Proposed wind-driven turbine operations aren’t progressing.

Despite a recent report indicating Pennsylvania’s significant growth in wind energy, local projects that once seemed imminent are all either dead or at a standstill.

The state ranked second in growth with 29 percent, according to the American Wind Energy Association’s report on the market for the third quarter of 2009.

Pennsylvania has nearly 600 megawatts of wind capacity installed, capable of generating roughly enough to power 178,500 homes. Though it lags considerably behind more windblown states such as Texas, Iowa and California in total installed capacity, its percentage growth trailed Arizona only because the state installed its first large-scale project.

The United States’ total wind capacity is now more than 31,000 megawatts, enough to power nearly 9 million homes and reducing expected carbon emissions from the electricity industry by 2.5 percent, according to the report.

Local wind hasn’t added to that growth, though. Two Luzerne County projects have withered on the vine, one dying after a very public legal fight and the other quietly. A massive project expected to straddle several Wyoming County municipalities on South Mountain seems to have stopped with no explanation.

Energy Unlimited’s bid to build as many as 34 turbines on Penobscot Mountain near Crystal Lake hit roadblocks from Bear Creek Township in 2006 when supervisors denied a land-use plan the company had submitted. The battle went to court, but decisions were eventually handed down that require the company to reduce its plans to accommodate much stricter ordinances. Those plans haven’t been filed.

In 2006, Gamesa Energy USA and Community Energy, which runs the current wind park on Bald Mountain in Bear Creek Township, indicated plans for turbines on Nescopeck Mountain.

Neither of those has progressed much beyond initial interest.

BP’s South Mountain project gained a lot of attention in Noxen, Forkston and surrounding townships about a year ago. Since then, the company has paid permitting fees, began boring test holes and continued testing the wind.

However, “that’s as far as it got,” said Carl Shook, a Noxen Township supervisor.

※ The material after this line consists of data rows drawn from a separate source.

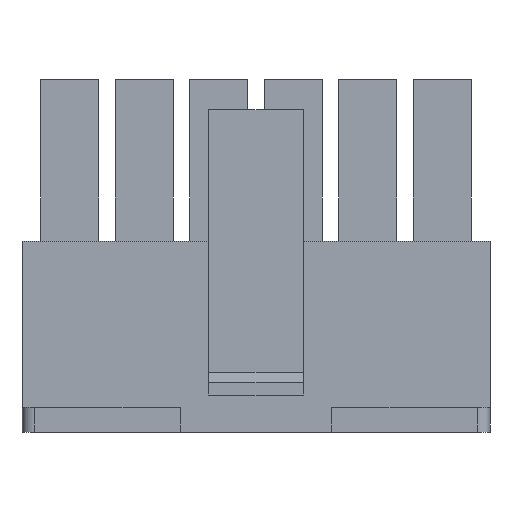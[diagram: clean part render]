
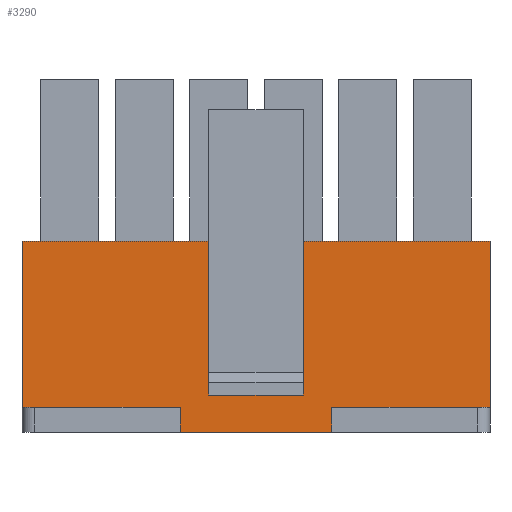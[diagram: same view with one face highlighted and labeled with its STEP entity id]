
A CAD part, front view. The second image highlights one B-rep face of the part: STEP entity #3290.
In plain terms, the highlighted planar face has unit normal (0, -1, 0).
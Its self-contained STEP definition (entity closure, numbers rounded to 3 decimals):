
#3 = ORIENTED_EDGE ( 'NONE', *, *, #7624, .F. ) ;
#57 = CARTESIAN_POINT ( 'NONE',  ( 9.425, -3.45, 1. ) ) ;
#102 = ORIENTED_EDGE ( 'NONE', *, *, #3964, .T. ) ;
#114 = CARTESIAN_POINT ( 'NONE',  ( 1.9, -3.45, 6.851 ) ) ;
#461 = ORIENTED_EDGE ( 'NONE', *, *, #3583, .F. ) ;
#586 = VERTEX_POINT ( 'NONE', #57 ) ;
#589 = CARTESIAN_POINT ( 'NONE',  ( -1.9, -3.45, 6.851 ) ) ;
#673 = ORIENTED_EDGE ( 'NONE', *, *, #2024, .F. ) ;
#693 = CARTESIAN_POINT ( 'NONE',  ( 1.9, -3.45, 6.851 ) ) ;
#713 = LINE ( 'NONE', #3643, #6358 ) ;
#867 = CARTESIAN_POINT ( 'NONE',  ( -1., -3.45, 5.514 ) ) ;
#913 = VERTEX_POINT ( 'NONE', #6592 ) ;
#1015 = ORIENTED_EDGE ( 'NONE', *, *, #7632, .F. ) ;
#1053 = VERTEX_POINT ( 'NONE', #1396 ) ;
#1059 = DIRECTION ( 'NONE',  ( 0., 0., 1. ) ) ;
#1095 = CARTESIAN_POINT ( 'NONE',  ( 1., -3.45, 11.091 ) ) ;
#1322 = VECTOR ( 'NONE', #6761, 1000. ) ;
#1330 = CARTESIAN_POINT ( 'NONE',  ( -3.046, -3.45, -3. ) ) ;
#1377 = ORIENTED_EDGE ( 'NONE', *, *, #6844, .T. ) ;
#1396 = CARTESIAN_POINT ( 'NONE',  ( -3.046, -3.45, 0. ) ) ;
#1423 = LINE ( 'NONE', #6777, #5562 ) ;
#1459 = EDGE_CURVE ( 'NONE', #1053, #3954, #1785, .T. ) ;
#1725 = VERTEX_POINT ( 'NONE', #589 ) ;
#1757 = AXIS2_PLACEMENT_3D ( 'NONE', #3278, #6694, #2012 ) ;
#1764 = CARTESIAN_POINT ( 'NONE',  ( 1.9, -3.45, 6.851 ) ) ;
#1785 = LINE ( 'NONE', #3610, #3883 ) ;
#1800 = VECTOR ( 'NONE', #7202, 1000. ) ;
#1806 = CARTESIAN_POINT ( 'NONE',  ( 1., -3.45, 6.851 ) ) ;
#1865 = LINE ( 'NONE', #1947, #4421 ) ;
#1925 = EDGE_LOOP ( 'NONE', ( #2539, #6207, #461, #5821, #4626, #6957, #1015, #4057 ) ) ;
#1947 = CARTESIAN_POINT ( 'NONE',  ( 1.9, -3.45, 5.514 ) ) ;
#1953 = CARTESIAN_POINT ( 'NONE',  ( 3.046, -3.45, -3. ) ) ;
#1971 = FACE_BOUND ( 'NONE', #5173, .T. ) ;
#2012 = DIRECTION ( 'NONE',  ( 0., 0., 1. ) ) ;
#2024 = EDGE_CURVE ( 'NONE', #6280, #3618, #3702, .T. ) ;
#2030 = LINE ( 'NONE', #4447, #5798 ) ;
#2046 = VECTOR ( 'NONE', #4218, 1000. ) ;
#2100 = VERTEX_POINT ( 'NONE', #7278 ) ;
#2140 = VECTOR ( 'NONE', #4942, 1000. ) ;
#2284 = CARTESIAN_POINT ( 'NONE',  ( 3.046, -3.45, 1. ) ) ;
#2487 = DIRECTION ( 'NONE',  ( -1., 0., 0. ) ) ;
#2503 = VECTOR ( 'NONE', #6561, 1000. ) ;
#2539 = ORIENTED_EDGE ( 'NONE', *, *, #7326, .T. ) ;
#2601 = PLANE ( 'NONE',  #1757 ) ;
#2933 = EDGE_LOOP ( 'NONE', ( #6566, #5972, #5089, #102 ) ) ;
#2983 = LINE ( 'NONE', #1095, #6293 ) ;
#3023 = VECTOR ( 'NONE', #4823, 1000. ) ;
#3141 = DIRECTION ( 'NONE',  ( -1., 0., 0. ) ) ;
#3156 = CARTESIAN_POINT ( 'NONE',  ( -3.046, -3.45, 1. ) ) ;
#3191 = VERTEX_POINT ( 'NONE', #867 ) ;
#3238 = LINE ( 'NONE', #114, #2140 ) ;
#3278 = CARTESIAN_POINT ( 'NONE',  ( 24.775, -3.45, 1. ) ) ;
#3290 = ADVANCED_FACE ( 'NONE', ( #4471, #1971, #5554 ), #2601, .F. ) ;
#3291 = EDGE_CURVE ( 'NONE', #5593, #1725, #3238, .T. ) ;
#3443 = VERTEX_POINT ( 'NONE', #2284 ) ;
#3583 = EDGE_CURVE ( 'NONE', #7395, #2100, #7734, .T. ) ;
#3608 = CARTESIAN_POINT ( 'NONE',  ( -9.425, -3.45, 7.7 ) ) ;
#3610 = CARTESIAN_POINT ( 'NONE',  ( 0., -3.45, 0. ) ) ;
#3618 = VERTEX_POINT ( 'NONE', #1806 ) ;
#3643 = CARTESIAN_POINT ( 'NONE',  ( 1.9, -3.45, 5.514 ) ) ;
#3696 = CARTESIAN_POINT ( 'NONE',  ( -1., -3.45, 6.851 ) ) ;
#3702 = LINE ( 'NONE', #693, #6314 ) ;
#3832 = DIRECTION ( 'NONE',  ( -1., 0., 0. ) ) ;
#3883 = VECTOR ( 'NONE', #4204, 1000. ) ;
#3954 = VERTEX_POINT ( 'NONE', #5179 ) ;
#3964 = EDGE_CURVE ( 'NONE', #913, #1725, #7703, .T. ) ;
#4057 = ORIENTED_EDGE ( 'NONE', *, *, #5739, .T. ) ;
#4179 = CARTESIAN_POINT ( 'NONE',  ( 24.775, -3.45, 1. ) ) ;
#4204 = DIRECTION ( 'NONE',  ( 1., 0., 0. ) ) ;
#4218 = DIRECTION ( 'NONE',  ( -1., 0., 0. ) ) ;
#4281 = DIRECTION ( 'NONE',  ( -1., 0., 0. ) ) ;
#4290 = LINE ( 'NONE', #4179, #2046 ) ;
#4303 = VERTEX_POINT ( 'NONE', #6501 ) ;
#4367 = DIRECTION ( 'NONE',  ( 0., 0., 1. ) ) ;
#4421 = VECTOR ( 'NONE', #4281, 1000. ) ;
#4447 = CARTESIAN_POINT ( 'NONE',  ( 9.425, -3.45, 1. ) ) ;
#4471 = FACE_BOUND ( 'NONE', #2933, .T. ) ;
#4605 = EDGE_CURVE ( 'NONE', #1053, #7395, #5466, .T. ) ;
#4626 = ORIENTED_EDGE ( 'NONE', *, *, #1459, .T. ) ;
#4823 = DIRECTION ( 'NONE',  ( -1., 0., 0. ) ) ;
#4824 = VECTOR ( 'NONE', #6680, 1000. ) ;
#4942 = DIRECTION ( 'NONE',  ( -1., 0., 0. ) ) ;
#4943 = LINE ( 'NONE', #7341, #6857 ) ;
#5087 = VECTOR ( 'NONE', #6995, 1000. ) ;
#5089 = ORIENTED_EDGE ( 'NONE', *, *, #5609, .T. ) ;
#5162 = VERTEX_POINT ( 'NONE', #3608 ) ;
#5173 = EDGE_LOOP ( 'NONE', ( #6638, #673, #3, #1377 ) ) ;
#5179 = CARTESIAN_POINT ( 'NONE',  ( 3.046, -3.45, 0. ) ) ;
#5408 = CARTESIAN_POINT ( 'NONE',  ( 1.9, -3.45, 6.851 ) ) ;
#5466 = LINE ( 'NONE', #1330, #1800 ) ;
#5554 = FACE_OUTER_BOUND ( 'NONE', #1925, .T. ) ;
#5562 = VECTOR ( 'NONE', #3832, 1000. ) ;
#5582 = VERTEX_POINT ( 'NONE', #7270 ) ;
#5593 = VERTEX_POINT ( 'NONE', #3696 ) ;
#5609 = EDGE_CURVE ( 'NONE', #3191, #913, #1865, .T. ) ;
#5739 = EDGE_CURVE ( 'NONE', #586, #6161, #2030, .T. ) ;
#5798 = VECTOR ( 'NONE', #4367, 1000. ) ;
#5821 = ORIENTED_EDGE ( 'NONE', *, *, #4605, .F. ) ;
#5953 = LINE ( 'NONE', #1764, #4824 ) ;
#5972 = ORIENTED_EDGE ( 'NONE', *, *, #6016, .F. ) ;
#6016 = EDGE_CURVE ( 'NONE', #3191, #5593, #7800, .T. ) ;
#6037 = EDGE_CURVE ( 'NONE', #4303, #3618, #2983, .T. ) ;
#6156 = DIRECTION ( 'NONE',  ( 0., 0., -1. ) ) ;
#6161 = VERTEX_POINT ( 'NONE', #6355 ) ;
#6207 = ORIENTED_EDGE ( 'NONE', *, *, #6421, .T. ) ;
#6280 = VERTEX_POINT ( 'NONE', #5408 ) ;
#6293 = VECTOR ( 'NONE', #1059, 1000. ) ;
#6314 = VECTOR ( 'NONE', #3141, 1000. ) ;
#6338 = LINE ( 'NONE', #1953, #1322 ) ;
#6355 = CARTESIAN_POINT ( 'NONE',  ( 9.425, -3.45, 7.7 ) ) ;
#6358 = VECTOR ( 'NONE', #2487, 1000. ) ;
#6421 = EDGE_CURVE ( 'NONE', #5162, #2100, #4943, .T. ) ;
#6501 = CARTESIAN_POINT ( 'NONE',  ( 1., -3.45, 5.514 ) ) ;
#6561 = DIRECTION ( 'NONE',  ( 0., 0., 1. ) ) ;
#6566 = ORIENTED_EDGE ( 'NONE', *, *, #3291, .F. ) ;
#6576 = CARTESIAN_POINT ( 'NONE',  ( 24.775, -3.45, 1. ) ) ;
#6592 = CARTESIAN_POINT ( 'NONE',  ( -1.9, -3.45, 5.514 ) ) ;
#6638 = ORIENTED_EDGE ( 'NONE', *, *, #6037, .T. ) ;
#6680 = DIRECTION ( 'NONE',  ( 0., 0., 1. ) ) ;
#6694 = DIRECTION ( 'NONE',  ( 0., 1., 0. ) ) ;
#6754 = EDGE_CURVE ( 'NONE', #3954, #3443, #6338, .T. ) ;
#6761 = DIRECTION ( 'NONE',  ( 0., 0., 1. ) ) ;
#6777 = CARTESIAN_POINT ( 'NONE',  ( 24.775, -3.45, 7.7 ) ) ;
#6844 = EDGE_CURVE ( 'NONE', #5582, #4303, #713, .T. ) ;
#6857 = VECTOR ( 'NONE', #6156, 1000. ) ;
#6957 = ORIENTED_EDGE ( 'NONE', *, *, #6754, .T. ) ;
#6995 = DIRECTION ( 'NONE',  ( 0., 0., 1. ) ) ;
#7162 = CARTESIAN_POINT ( 'NONE',  ( -1., -3.45, 11.091 ) ) ;
#7202 = DIRECTION ( 'NONE',  ( 0., 0., 1. ) ) ;
#7270 = CARTESIAN_POINT ( 'NONE',  ( 1.9, -3.45, 5.514 ) ) ;
#7278 = CARTESIAN_POINT ( 'NONE',  ( -9.425, -3.45, 1. ) ) ;
#7326 = EDGE_CURVE ( 'NONE', #6161, #5162, #1423, .T. ) ;
#7341 = CARTESIAN_POINT ( 'NONE',  ( -9.425, -3.45, 1. ) ) ;
#7395 = VERTEX_POINT ( 'NONE', #3156 ) ;
#7587 = CARTESIAN_POINT ( 'NONE',  ( -1.9, -3.45, 6.851 ) ) ;
#7624 = EDGE_CURVE ( 'NONE', #5582, #6280, #5953, .T. ) ;
#7632 = EDGE_CURVE ( 'NONE', #586, #3443, #4290, .T. ) ;
#7703 = LINE ( 'NONE', #7587, #5087 ) ;
#7734 = LINE ( 'NONE', #6576, #3023 ) ;
#7800 = LINE ( 'NONE', #7162, #2503 ) ;

He said he hasn’t heard from BP’s representative in quite some time.

State legislators are considering adding incentives for installing wind and other alternative energies.

Rep. John Yudichak, D-Nanticoke, announced he is co-sponsoring H.B. 984 to allow construction of wind power generation systems on land enrolled in Clean and Green programs without the imposition of rollback taxes on the entire tract of land, and H.B. 786 to establish a state energy office within the state Department of Environmental Protection to promote energy development and conservation.